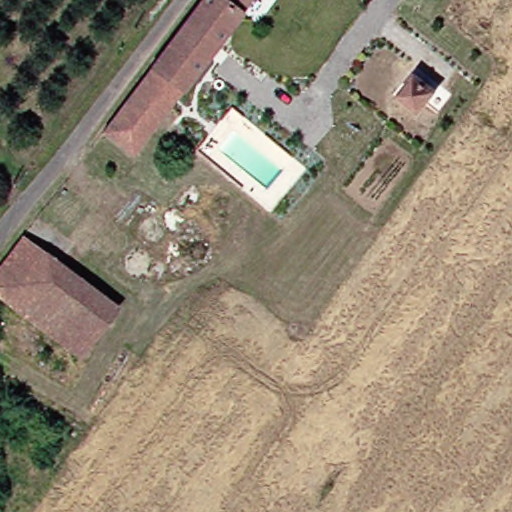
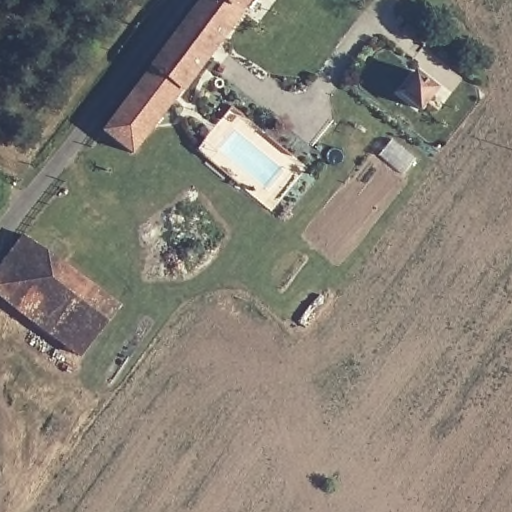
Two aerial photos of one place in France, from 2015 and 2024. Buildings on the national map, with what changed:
unchanged [(134,160),(102,137),(206,0),(258,0),(134,160)]
unchanged [(420,106),(398,89),(416,68),(437,85),(420,106)]
unchanged [(122,306),(82,357),(0,293),(0,275),(30,235),(122,306)]

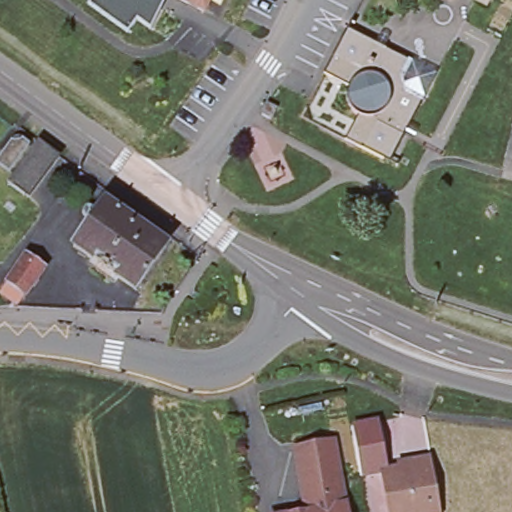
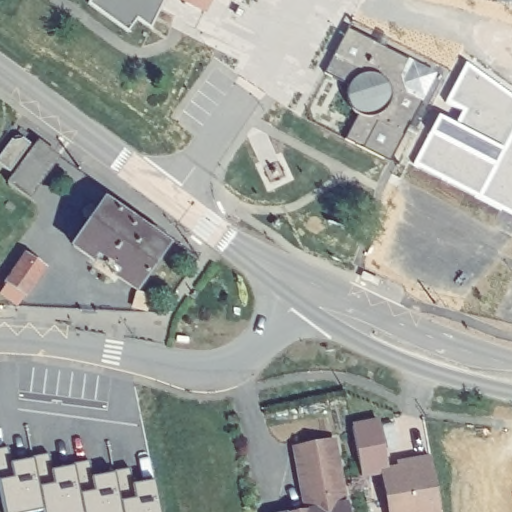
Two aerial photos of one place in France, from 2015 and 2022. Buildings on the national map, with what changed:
unchanged [(157,22),(141,14),(135,26),(98,0),(168,0),(157,22)]
unchanged [(210,3),(205,0),(211,0),(210,3)]
unchanged [(349,36),(352,37),(356,32),(413,62),(440,76),(426,101),(396,162),(390,159),(388,162),(350,141),(362,117),(359,115),(356,113),(355,111),(352,108),(351,105),(350,102),(350,99),(350,96),(351,93),(352,90),(328,76),(349,36)]
new [(459,123),(465,111),(447,102),(468,65),(512,96),(512,213),(418,163),(442,116),(459,123)]
demolished [(285,113),(281,124),(269,119),(273,108),(285,113)]
unchanged [(37,147),(16,175),(2,164),(19,143),(27,143),(30,140),(37,147)]
unchanged [(31,198),(15,185),(46,144),(63,156),(31,198)]
unchanged [(120,280),(93,261),(75,248),(106,205),(150,235),(168,249),(137,292),(120,280)]
unchanged [(8,286),(30,256),(47,269),(25,299),(8,286)]
new [(387,468),(379,470),(380,476),(360,480),(350,424),(378,419),(387,468)]
unchanged [(331,443),(335,443),(348,512),(309,512),(296,450),(331,443)]
new [(43,512),(3,512),(0,495),(0,450),(7,448),(11,463),(32,459),(31,457),(48,454),(51,471),(73,467),(73,463),(89,461),(92,478),(113,474),(113,472),(129,469),(132,485),(153,480),(160,512),(43,512)]
unchanged [(405,465),(408,459),(430,455),(439,512),(386,512),(379,470),(405,465)]

* DIRECTIONS FOR THIS TASK:
The result should be every line of the material that contains the word "national", so copy those lines.

* RESULT OF THE EXERCISE:
Two aerial photos of one place in France, from 2015 and 2024. Buildings on the national map, with what changed:
Two aerial photos of one place in France, from 2015 and 2022. Buildings on the national map, with what changed:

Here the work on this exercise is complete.